===== DATA SUPPLIED =====
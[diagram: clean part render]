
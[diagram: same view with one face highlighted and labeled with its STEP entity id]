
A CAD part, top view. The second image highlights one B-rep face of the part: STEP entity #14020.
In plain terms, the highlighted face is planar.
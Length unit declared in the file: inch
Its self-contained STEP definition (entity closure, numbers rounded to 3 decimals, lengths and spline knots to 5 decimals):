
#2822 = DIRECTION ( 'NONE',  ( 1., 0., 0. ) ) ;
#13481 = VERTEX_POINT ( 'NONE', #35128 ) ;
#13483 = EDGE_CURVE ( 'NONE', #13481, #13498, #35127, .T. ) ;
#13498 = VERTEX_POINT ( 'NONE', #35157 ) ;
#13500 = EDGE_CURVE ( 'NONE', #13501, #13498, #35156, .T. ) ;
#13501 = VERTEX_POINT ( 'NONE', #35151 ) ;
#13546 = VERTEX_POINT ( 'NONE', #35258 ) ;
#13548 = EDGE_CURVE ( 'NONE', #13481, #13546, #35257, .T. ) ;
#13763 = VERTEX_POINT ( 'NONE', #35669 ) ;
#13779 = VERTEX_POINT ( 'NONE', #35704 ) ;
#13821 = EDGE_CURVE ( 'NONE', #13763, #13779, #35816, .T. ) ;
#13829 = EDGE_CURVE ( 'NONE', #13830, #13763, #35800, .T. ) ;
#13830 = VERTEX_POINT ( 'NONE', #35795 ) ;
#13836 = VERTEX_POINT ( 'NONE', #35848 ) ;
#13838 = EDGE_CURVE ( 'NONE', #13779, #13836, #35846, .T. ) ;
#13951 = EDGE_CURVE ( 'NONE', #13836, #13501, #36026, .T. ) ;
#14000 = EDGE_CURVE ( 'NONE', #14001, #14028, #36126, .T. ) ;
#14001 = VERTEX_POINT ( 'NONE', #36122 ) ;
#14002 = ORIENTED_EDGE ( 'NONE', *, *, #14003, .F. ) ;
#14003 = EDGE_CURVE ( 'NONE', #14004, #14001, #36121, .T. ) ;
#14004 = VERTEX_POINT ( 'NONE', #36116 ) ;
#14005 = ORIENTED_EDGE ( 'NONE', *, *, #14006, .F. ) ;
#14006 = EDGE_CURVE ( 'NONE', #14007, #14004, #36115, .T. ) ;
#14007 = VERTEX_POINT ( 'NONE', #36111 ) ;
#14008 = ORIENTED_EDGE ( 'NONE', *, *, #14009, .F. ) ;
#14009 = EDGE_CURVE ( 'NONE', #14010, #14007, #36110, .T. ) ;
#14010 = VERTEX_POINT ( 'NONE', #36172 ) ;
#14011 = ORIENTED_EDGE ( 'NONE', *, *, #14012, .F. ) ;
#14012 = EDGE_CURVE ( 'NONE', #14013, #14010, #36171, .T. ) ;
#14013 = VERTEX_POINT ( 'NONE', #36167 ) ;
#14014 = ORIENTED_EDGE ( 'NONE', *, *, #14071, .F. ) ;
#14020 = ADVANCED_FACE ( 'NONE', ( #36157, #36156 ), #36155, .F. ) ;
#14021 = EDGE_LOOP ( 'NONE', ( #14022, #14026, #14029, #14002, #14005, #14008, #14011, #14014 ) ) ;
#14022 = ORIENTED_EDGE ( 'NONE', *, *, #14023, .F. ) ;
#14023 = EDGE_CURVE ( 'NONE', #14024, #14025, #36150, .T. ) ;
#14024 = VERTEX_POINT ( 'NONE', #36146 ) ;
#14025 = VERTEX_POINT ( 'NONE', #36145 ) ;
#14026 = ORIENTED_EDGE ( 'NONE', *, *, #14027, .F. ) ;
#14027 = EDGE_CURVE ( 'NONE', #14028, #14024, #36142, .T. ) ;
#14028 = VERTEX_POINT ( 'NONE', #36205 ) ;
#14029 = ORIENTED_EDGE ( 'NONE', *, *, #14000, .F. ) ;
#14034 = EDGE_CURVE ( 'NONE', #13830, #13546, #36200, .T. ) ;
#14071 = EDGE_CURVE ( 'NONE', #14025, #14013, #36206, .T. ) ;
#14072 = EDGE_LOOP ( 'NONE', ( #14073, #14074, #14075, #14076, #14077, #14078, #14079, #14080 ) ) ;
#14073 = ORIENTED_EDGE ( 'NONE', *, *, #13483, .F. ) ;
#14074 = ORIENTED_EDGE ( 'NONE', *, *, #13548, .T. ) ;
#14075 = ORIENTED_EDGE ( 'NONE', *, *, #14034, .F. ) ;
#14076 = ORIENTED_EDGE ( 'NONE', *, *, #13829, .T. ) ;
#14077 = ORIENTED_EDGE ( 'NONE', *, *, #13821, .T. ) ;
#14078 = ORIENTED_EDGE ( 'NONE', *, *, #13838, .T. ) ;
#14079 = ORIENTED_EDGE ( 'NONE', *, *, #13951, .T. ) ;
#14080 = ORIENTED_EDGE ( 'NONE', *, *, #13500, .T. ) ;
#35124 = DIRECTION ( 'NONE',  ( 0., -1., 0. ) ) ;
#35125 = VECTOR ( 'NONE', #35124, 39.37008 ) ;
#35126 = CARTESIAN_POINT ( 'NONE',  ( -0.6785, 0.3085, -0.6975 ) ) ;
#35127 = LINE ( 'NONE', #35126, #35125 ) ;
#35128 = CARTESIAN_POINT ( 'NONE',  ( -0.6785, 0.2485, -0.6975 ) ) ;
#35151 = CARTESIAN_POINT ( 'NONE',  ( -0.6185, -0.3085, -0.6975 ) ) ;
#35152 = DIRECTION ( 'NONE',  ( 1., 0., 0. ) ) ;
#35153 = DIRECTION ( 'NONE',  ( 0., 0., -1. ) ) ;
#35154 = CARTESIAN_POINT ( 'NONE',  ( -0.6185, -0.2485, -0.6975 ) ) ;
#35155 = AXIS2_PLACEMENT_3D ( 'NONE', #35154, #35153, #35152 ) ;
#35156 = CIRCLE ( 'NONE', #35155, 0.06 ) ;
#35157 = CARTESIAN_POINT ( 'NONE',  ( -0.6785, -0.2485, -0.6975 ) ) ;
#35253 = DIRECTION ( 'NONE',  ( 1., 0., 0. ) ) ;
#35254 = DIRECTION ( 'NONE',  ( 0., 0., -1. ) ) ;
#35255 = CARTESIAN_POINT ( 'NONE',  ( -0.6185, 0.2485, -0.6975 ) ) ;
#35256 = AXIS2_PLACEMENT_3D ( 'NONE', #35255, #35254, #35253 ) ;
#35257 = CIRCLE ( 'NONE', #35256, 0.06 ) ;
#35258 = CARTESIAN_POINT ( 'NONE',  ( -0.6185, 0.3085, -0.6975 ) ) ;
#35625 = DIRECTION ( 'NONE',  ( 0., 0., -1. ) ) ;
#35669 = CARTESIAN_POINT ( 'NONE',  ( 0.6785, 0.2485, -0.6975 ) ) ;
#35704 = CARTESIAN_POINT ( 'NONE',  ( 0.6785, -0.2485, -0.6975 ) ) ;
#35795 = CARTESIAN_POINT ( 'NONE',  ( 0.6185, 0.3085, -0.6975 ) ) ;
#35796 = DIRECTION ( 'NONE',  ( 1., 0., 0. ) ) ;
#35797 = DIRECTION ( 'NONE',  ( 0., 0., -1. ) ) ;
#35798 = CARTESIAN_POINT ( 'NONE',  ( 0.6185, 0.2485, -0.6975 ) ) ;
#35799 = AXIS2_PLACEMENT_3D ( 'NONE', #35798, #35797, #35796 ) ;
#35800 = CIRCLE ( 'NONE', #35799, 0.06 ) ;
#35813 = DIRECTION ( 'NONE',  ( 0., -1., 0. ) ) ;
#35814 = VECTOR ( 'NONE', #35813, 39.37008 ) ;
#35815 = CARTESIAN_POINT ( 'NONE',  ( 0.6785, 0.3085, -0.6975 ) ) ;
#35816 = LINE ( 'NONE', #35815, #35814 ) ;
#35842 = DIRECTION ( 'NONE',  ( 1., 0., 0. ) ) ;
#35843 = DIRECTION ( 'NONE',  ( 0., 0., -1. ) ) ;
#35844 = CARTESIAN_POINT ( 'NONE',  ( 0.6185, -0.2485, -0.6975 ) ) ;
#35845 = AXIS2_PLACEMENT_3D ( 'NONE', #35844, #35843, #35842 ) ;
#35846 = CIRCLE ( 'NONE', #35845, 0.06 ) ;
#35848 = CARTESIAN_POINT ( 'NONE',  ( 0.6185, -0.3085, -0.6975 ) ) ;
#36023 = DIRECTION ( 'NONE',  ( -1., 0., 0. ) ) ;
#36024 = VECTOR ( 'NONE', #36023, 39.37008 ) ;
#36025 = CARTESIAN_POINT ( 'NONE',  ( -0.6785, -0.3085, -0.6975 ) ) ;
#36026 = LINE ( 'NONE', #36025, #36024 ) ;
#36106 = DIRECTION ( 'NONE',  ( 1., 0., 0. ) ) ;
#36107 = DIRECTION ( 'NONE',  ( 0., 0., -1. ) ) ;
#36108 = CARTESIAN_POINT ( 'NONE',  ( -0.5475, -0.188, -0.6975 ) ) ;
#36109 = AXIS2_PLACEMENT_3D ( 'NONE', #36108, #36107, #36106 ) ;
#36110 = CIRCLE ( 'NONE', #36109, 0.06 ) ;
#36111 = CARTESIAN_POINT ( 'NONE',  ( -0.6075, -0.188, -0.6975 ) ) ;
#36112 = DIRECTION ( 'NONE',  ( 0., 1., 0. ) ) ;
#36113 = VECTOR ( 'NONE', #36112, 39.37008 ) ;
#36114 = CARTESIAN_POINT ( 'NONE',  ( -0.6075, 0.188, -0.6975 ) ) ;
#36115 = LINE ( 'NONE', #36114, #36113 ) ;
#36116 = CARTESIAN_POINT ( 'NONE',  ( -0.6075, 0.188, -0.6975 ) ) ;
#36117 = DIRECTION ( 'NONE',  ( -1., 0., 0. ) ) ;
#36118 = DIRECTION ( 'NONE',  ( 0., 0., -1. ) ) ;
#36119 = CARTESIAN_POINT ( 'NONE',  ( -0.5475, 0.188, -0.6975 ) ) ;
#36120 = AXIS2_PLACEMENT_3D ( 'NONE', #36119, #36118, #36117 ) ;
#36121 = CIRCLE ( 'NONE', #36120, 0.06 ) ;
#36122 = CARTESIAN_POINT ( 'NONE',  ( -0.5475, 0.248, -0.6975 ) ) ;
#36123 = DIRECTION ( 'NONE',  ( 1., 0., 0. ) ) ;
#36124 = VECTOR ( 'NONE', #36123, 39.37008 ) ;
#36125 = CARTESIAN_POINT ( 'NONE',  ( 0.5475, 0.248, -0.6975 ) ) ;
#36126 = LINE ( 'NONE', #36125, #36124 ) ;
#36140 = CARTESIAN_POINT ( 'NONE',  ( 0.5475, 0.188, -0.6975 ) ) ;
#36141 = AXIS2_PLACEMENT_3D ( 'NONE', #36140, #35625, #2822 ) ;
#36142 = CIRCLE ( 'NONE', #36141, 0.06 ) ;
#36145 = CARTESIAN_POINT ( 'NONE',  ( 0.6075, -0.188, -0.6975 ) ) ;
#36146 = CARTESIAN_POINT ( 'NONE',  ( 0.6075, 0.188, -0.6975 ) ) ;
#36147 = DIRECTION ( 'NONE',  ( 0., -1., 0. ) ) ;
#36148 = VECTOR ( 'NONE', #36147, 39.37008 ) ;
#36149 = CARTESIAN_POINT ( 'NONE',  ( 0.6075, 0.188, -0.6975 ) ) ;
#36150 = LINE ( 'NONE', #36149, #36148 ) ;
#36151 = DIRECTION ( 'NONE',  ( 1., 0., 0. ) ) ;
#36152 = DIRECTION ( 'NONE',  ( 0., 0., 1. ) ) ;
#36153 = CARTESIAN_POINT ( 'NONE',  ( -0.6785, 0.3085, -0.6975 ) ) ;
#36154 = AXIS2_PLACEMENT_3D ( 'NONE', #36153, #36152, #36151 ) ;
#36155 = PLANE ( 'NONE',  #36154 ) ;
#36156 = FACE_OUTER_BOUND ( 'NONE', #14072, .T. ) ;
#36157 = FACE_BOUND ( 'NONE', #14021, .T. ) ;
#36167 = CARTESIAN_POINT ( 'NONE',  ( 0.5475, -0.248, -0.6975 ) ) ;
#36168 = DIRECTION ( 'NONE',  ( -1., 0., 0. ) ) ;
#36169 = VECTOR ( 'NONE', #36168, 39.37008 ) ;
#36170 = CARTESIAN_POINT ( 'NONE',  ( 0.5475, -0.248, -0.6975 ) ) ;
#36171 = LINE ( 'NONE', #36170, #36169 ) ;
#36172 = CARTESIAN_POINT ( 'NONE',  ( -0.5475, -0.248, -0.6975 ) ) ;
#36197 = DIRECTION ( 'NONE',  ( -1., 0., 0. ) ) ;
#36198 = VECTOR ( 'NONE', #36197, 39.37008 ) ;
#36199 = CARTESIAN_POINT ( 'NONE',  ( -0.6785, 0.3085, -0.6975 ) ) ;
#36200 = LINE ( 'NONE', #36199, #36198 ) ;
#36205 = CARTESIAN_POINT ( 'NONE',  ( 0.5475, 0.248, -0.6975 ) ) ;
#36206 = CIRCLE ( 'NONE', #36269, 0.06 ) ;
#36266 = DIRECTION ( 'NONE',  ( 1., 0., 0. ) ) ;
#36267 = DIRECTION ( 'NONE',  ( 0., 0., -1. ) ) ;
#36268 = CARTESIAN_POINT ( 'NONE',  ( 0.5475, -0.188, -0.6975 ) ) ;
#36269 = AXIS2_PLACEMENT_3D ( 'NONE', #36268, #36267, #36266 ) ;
=====
• [GOAL OF THE EXERCISE]:
Pick out and copy the lines of the entries that hold the string "STEP".

• [WRITTEN SOLUTION]:
[diagram: same view with one face highlighted and labeled with its STEP entity id]
A CAD part, top view. The second image highlights one B-rep face of the part: STEP entity #14020.
Its self-contained STEP definition (entity closure, numbers rounded to 3 decimals, lengths and spline knots to 5 decimals):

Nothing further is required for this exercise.